> [ASSIGNMENT]
Every line in the data below has to be repeated exactly; no picture belongs in the result.

*** PROVIDED DATA ***

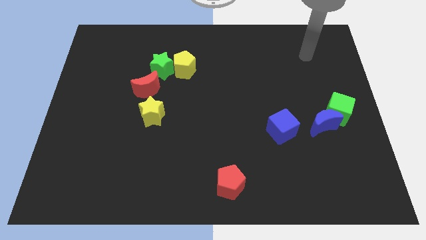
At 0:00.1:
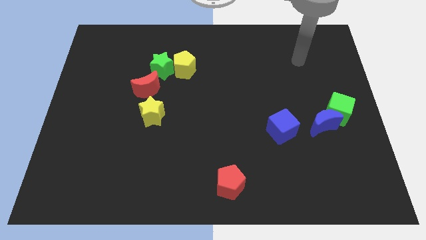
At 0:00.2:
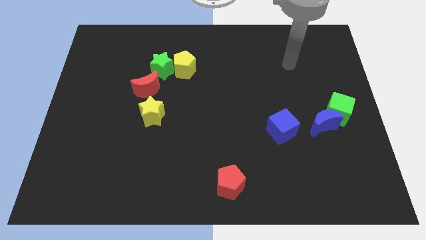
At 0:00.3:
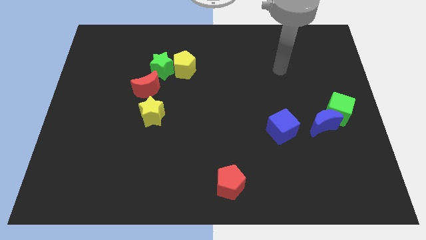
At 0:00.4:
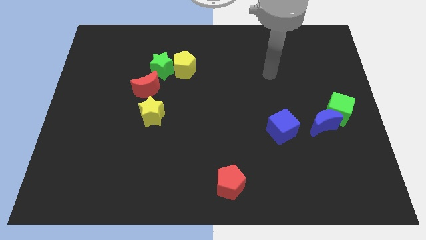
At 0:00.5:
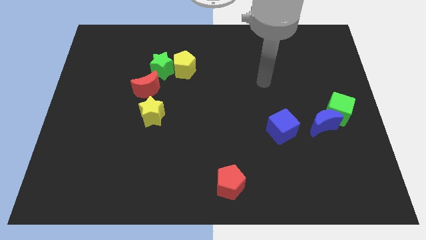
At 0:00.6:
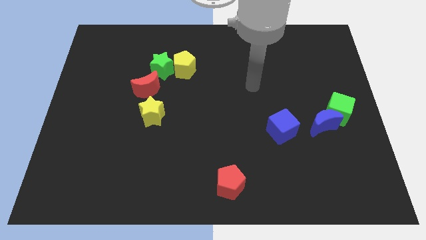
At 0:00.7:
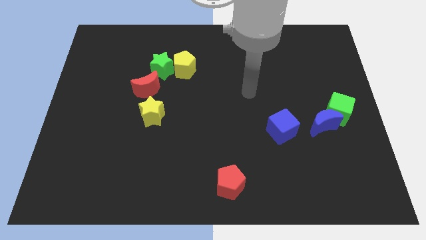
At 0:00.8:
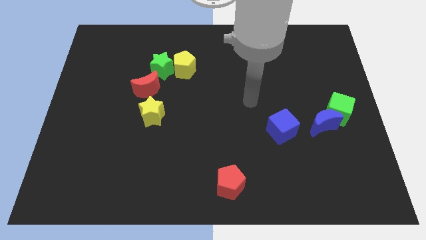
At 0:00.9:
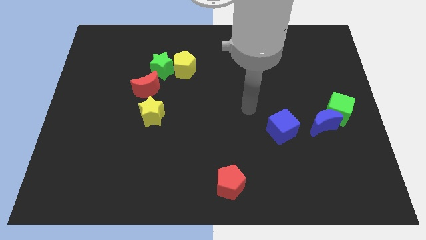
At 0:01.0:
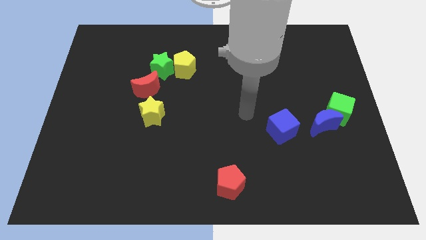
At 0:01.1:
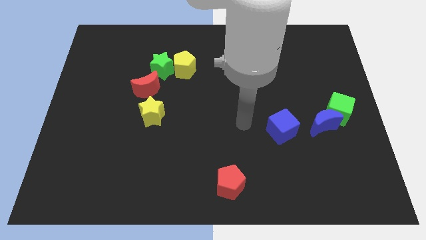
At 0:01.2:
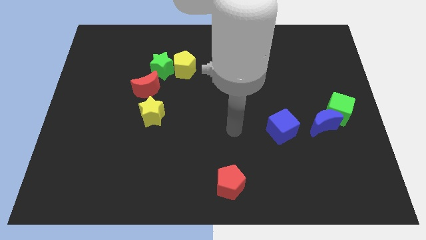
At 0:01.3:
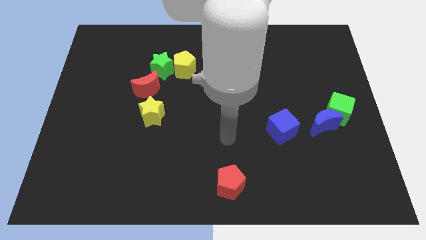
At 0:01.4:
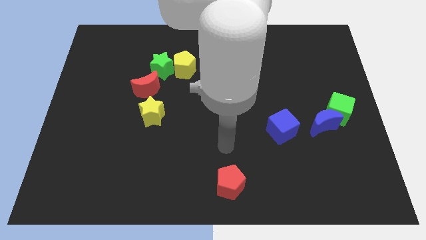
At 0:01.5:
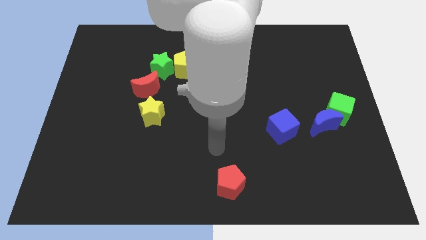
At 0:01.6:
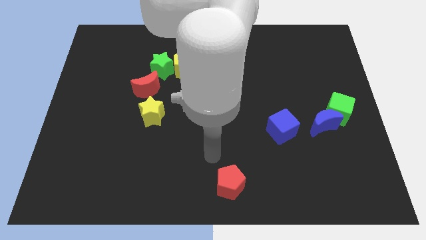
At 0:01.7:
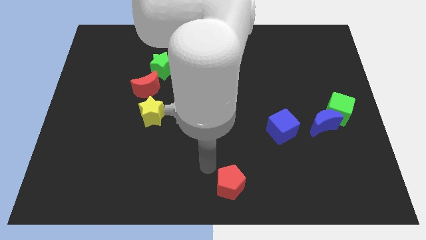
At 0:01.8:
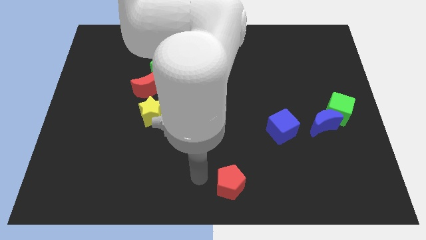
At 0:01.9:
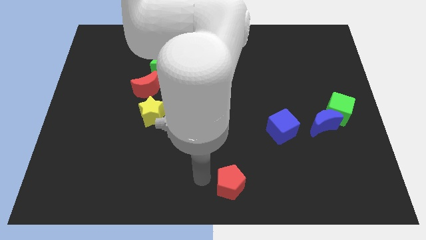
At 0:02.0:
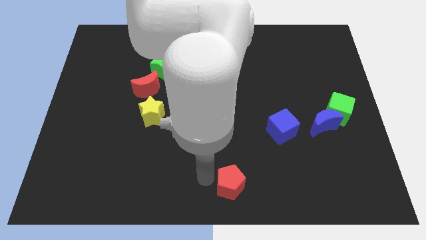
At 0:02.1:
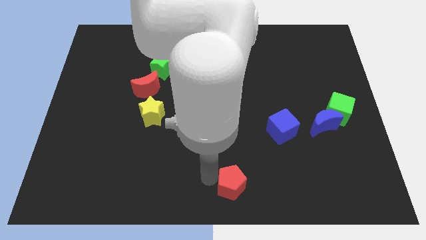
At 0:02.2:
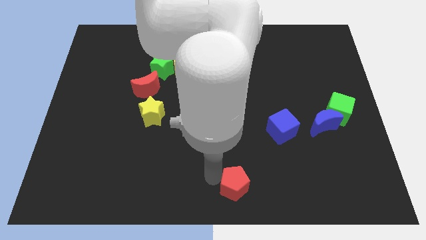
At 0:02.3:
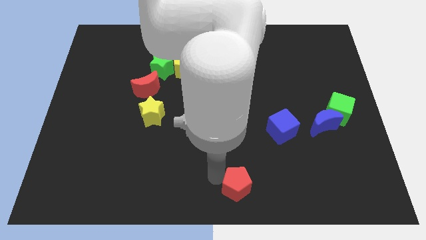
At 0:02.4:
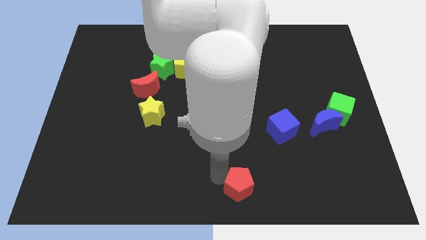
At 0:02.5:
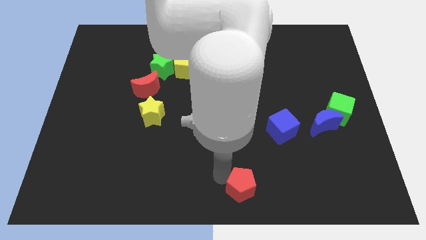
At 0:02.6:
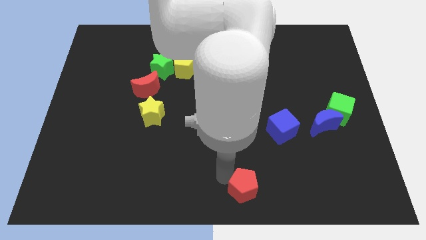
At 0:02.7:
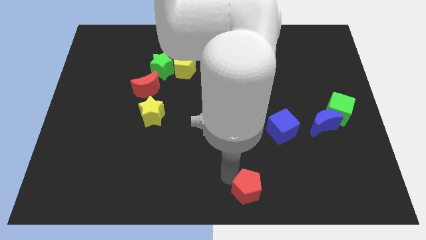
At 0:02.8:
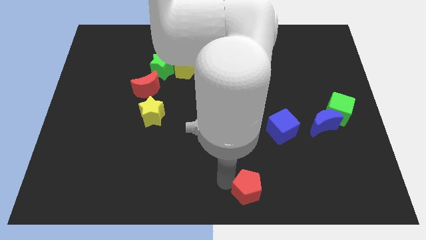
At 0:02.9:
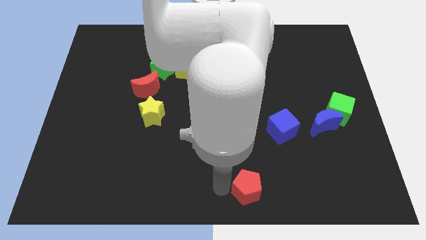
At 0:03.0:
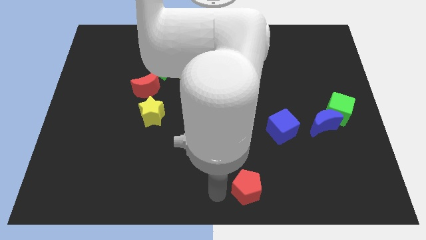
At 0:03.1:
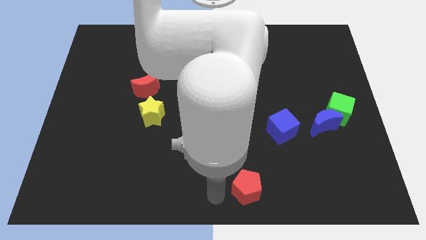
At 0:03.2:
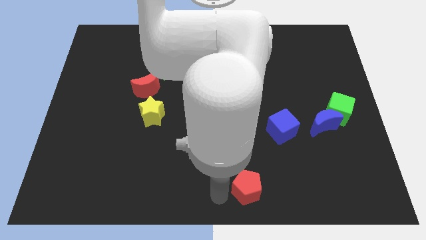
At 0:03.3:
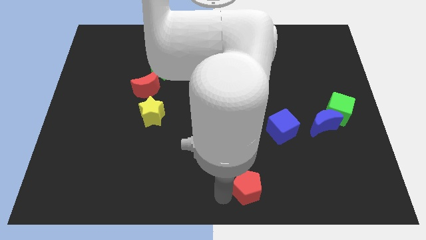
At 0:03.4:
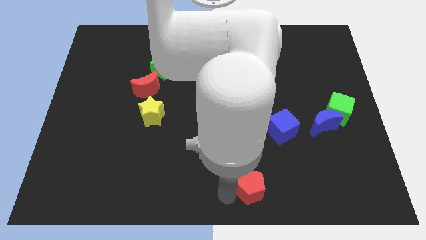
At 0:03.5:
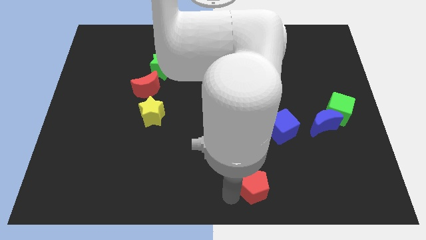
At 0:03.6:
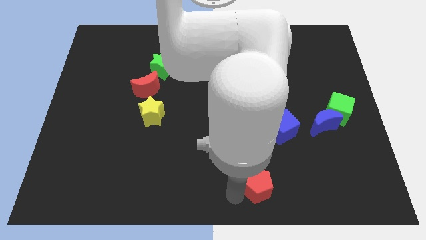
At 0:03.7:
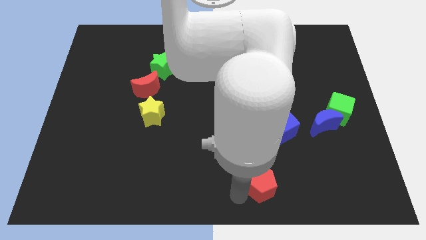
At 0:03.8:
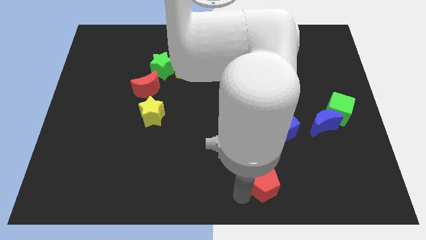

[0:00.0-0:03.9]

*** End of PROVIDED DATA ***

> [RESPONSE BOX]
At 0:00.1:
At 0:00.2:
At 0:00.3:
At 0:00.4:
At 0:00.5:
At 0:00.6:
At 0:00.7:
At 0:00.8:
At 0:00.9:
At 0:01.0:
At 0:01.1:
At 0:01.2:
At 0:01.3:
At 0:01.4:
At 0:01.5:
At 0:01.6:
At 0:01.7:
At 0:01.8:
At 0:01.9:
At 0:02.0:
At 0:02.1:
At 0:02.2:
At 0:02.3:
At 0:02.4:
At 0:02.5:
At 0:02.6:
At 0:02.7:
At 0:02.8:
At 0:02.9:
At 0:03.0:
At 0:03.1:
At 0:03.2:
At 0:03.3:
At 0:03.4:
At 0:03.5:
At 0:03.6:
At 0:03.7:
At 0:03.8:

[0:00.0-0:03.9]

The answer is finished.